In 2008, Jhiro spent several months in Buenos Aires, Argentina, where the band took force thanks to the collaboration of members of local mainstream industrial bands, such as “Knife God”, “Jazmine Lasciva”, “Shocker Stalin”, “Latex” and “Jesus Martyr”. The Band ended its tour in Argentina performing in venues such as CBGB, Speed King, Green Hell, Lounge Pueyrredon, the Roxy, and La Trastienda. Stoneflex also appeared as special guests in several international tattoo conventions. The band quickly gained mainstream popularity. The same year, Rolling Stone Magazine (Argentina), awarded Stoneflex the “Best New Band of the Year”.

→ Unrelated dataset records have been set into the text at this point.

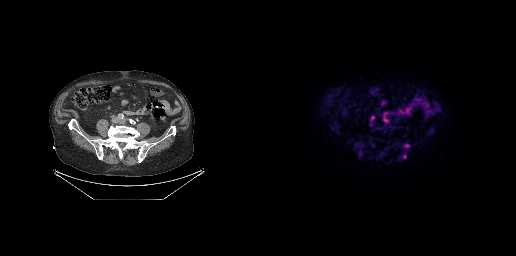
Paired axial CT (left) and PSMA PET (right), 18F-PSMA tracer. PET panel 256×256 px (2.7 mm/px).
Coordinates are on the 256×256 PET (right) panel. PSMA-avid tumor lesion bounding boxes:
| # | x0 | y0 | x1 | y1 |
|---|---|---|---|---|
| 1 | 144 | 144 | 149 | 147 |
| 2 | 143 | 154 | 146 | 158 |

In 2009 the band returned to Colombia with their first album titled “REBORN”, which was well received by critics and listeners, selling out within the first couple of months of release. In the same year the band occupied a top spot in Shock magazine as one of the best rock bands. In 2010 the band released the video for their song "Psychopath Reborn ", from the album "REBORN", it was nominated for “Best Metal Video” in the Shock Music Awards. This same year they played the biggest festival in Latin America called "Rock al Parque" alongside bands/musicians like Andrés Calamaro, Ki-Mani Marley, Mutemath, Zoé, Puya, Shadows Fall, Biohazard, and Samael. Stoneflex was invited back and played again at “Rock al Parque” in 2013 with Cannibal Corpse, Symphony X, Havok, Downset, and Anti-Nowhere League.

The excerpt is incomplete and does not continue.